Aynı Tarifenin 3. maddesinin ikinci fıkrasında ise, müteselsil sorumluluk da dahil olmak üzere, birden fazla davalı aleyhine açılan davanın reddinde, ret sebebi ortak olan davalılar vekili lehine tek, ret sebebi ayrı olan davalılar vekili lehine ise her ret sebebi için ayrı ayrı avukatlık ücretine hükmolunacağı belirtilmiştir.
Davalılardan ...... AŞ yönünden davanın kısmen reddi gerekçesi diğer davalılar hakkındaki ret gerekçesinden farklı olduğu için yerel mahkemece, yukarıda açıklanan düzenlemeye aykırı olarak davalılar lehine tek vekalet ücreti takdir edilmiş olması usul ve yasaya uygun düşmediğinden kararın bozulması gerekirse de, anılan yanılgının giderilmesi yeniden yargılama yapılmasını gerektirmediğinden, 6217 sayılı Kanunun 30. maddesi ile 6100 sayılı Hukuk Muhakemeleri Kanunu"na eklenen "Geçici madde 3" atfıyla uygulanmakta olan 1086 sayılı Hukuk Usulü Muhakemeleri Kanunu"nun 438/7 maddesi gereğince kararın düzeltilerek onanmasına karar verilmiştir.
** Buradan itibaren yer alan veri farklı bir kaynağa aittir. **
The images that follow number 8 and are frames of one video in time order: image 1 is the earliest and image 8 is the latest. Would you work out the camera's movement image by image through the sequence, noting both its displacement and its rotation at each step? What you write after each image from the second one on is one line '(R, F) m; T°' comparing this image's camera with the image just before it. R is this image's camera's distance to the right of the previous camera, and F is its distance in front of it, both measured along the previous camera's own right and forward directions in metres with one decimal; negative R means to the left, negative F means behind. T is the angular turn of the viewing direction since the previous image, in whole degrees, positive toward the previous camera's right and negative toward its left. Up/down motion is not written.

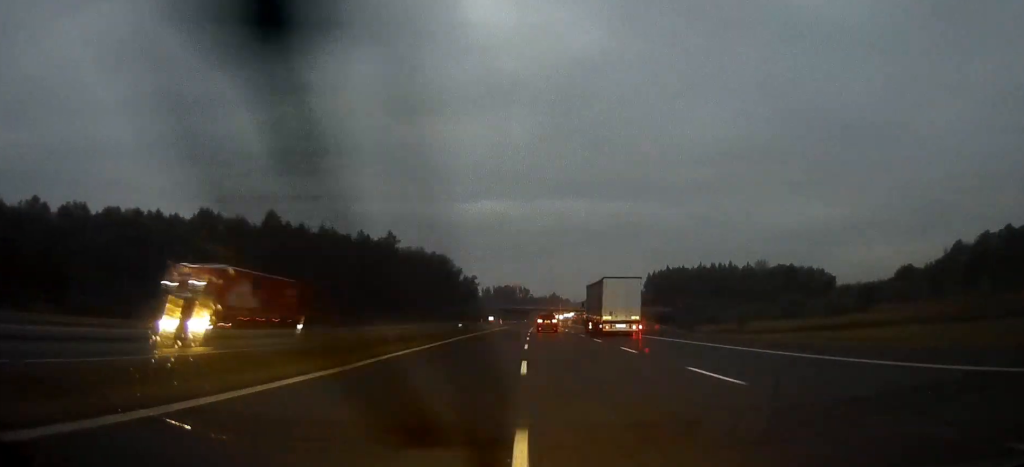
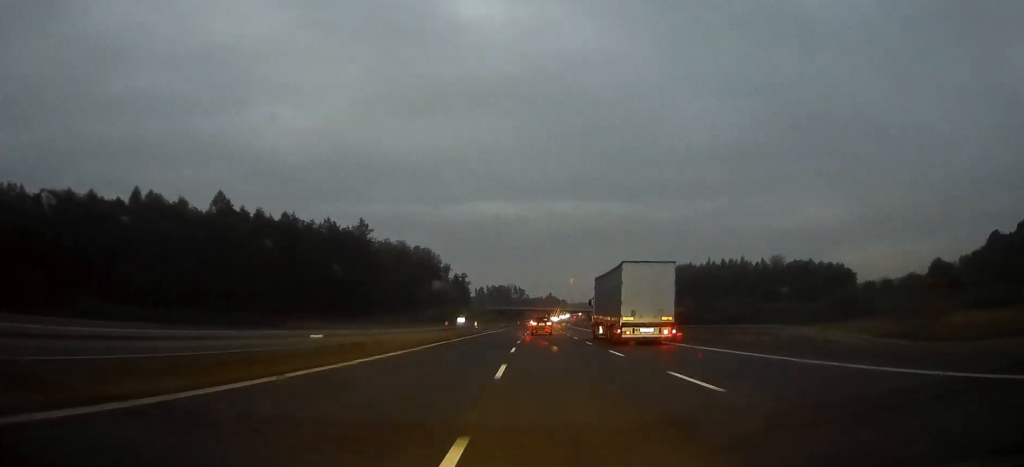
(0.0, +36.8) m; 0°
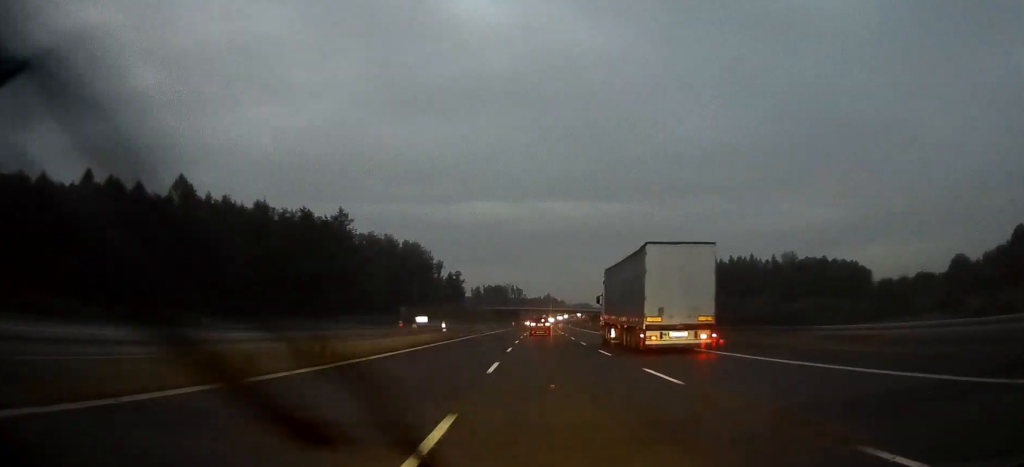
(0.0, +22.3) m; 0°
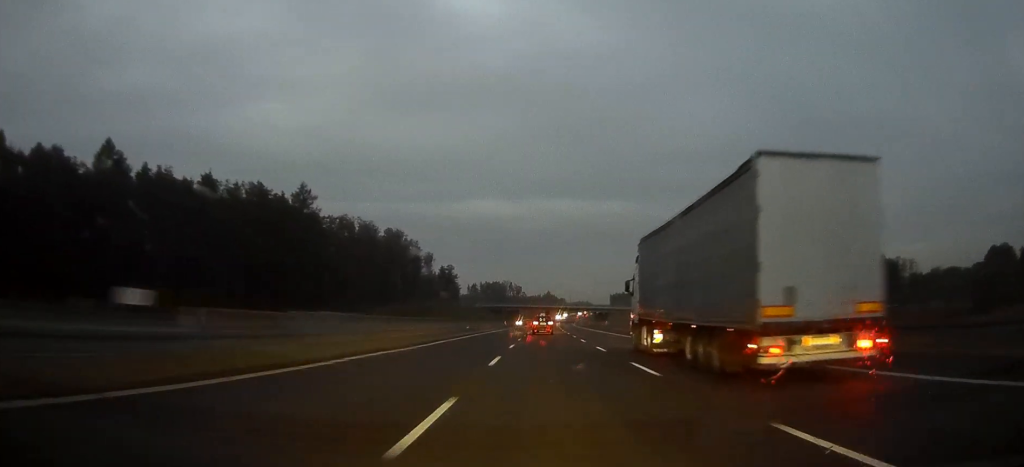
(0.0, +34.3) m; +1°
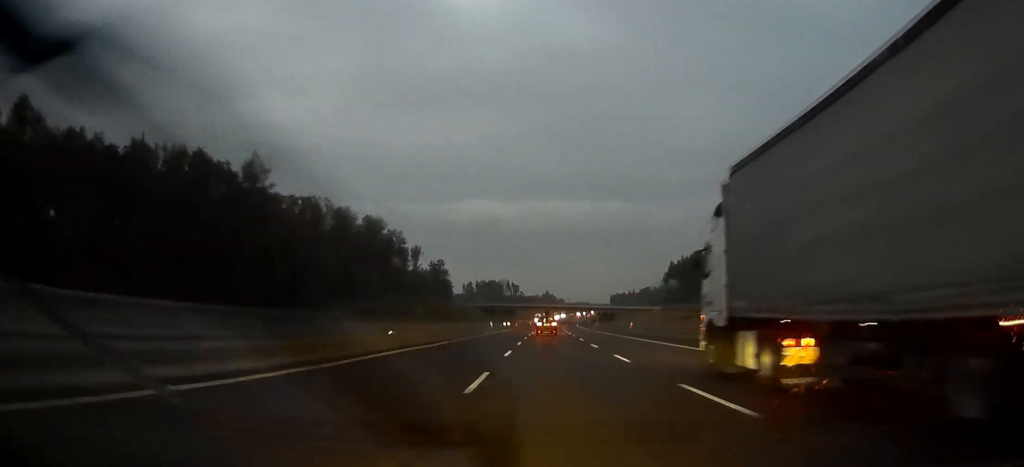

SONUÇ: Temyiz olunan kararın yukarıda (3) nolu bentte gösterilen nedenlerle hüküm fıkrasının 8. bendinden sonra gelmek üzere yeni bir bent eklenerek, “Davalı ... AŞ kendisini vekil ile temsil ettirdiğinden karar tarihinde yürürlükte olan AAÜT"nın uyarınca 2.180,00 TL vekalet ücretinin davacıdan alınarak davalıya verilmesine” cümlesinin yazılmasına, davalı ... AŞ’nin diğer temyiz itirazlarının (2) nolu bentte gösterilen nedenlerle reddi ile kararın düzeltilmiş bu biçiminin ONANMASINA, davacının temyiz dilekçesinin (1) nolu bentte gösterilen nedenlerle reddine ve davacı ile temyiz eden davalıdan peşin alınan harçların istekleri halinde geri verilmesine 10/04/2019 gününde oy birliğiyle karar verildi.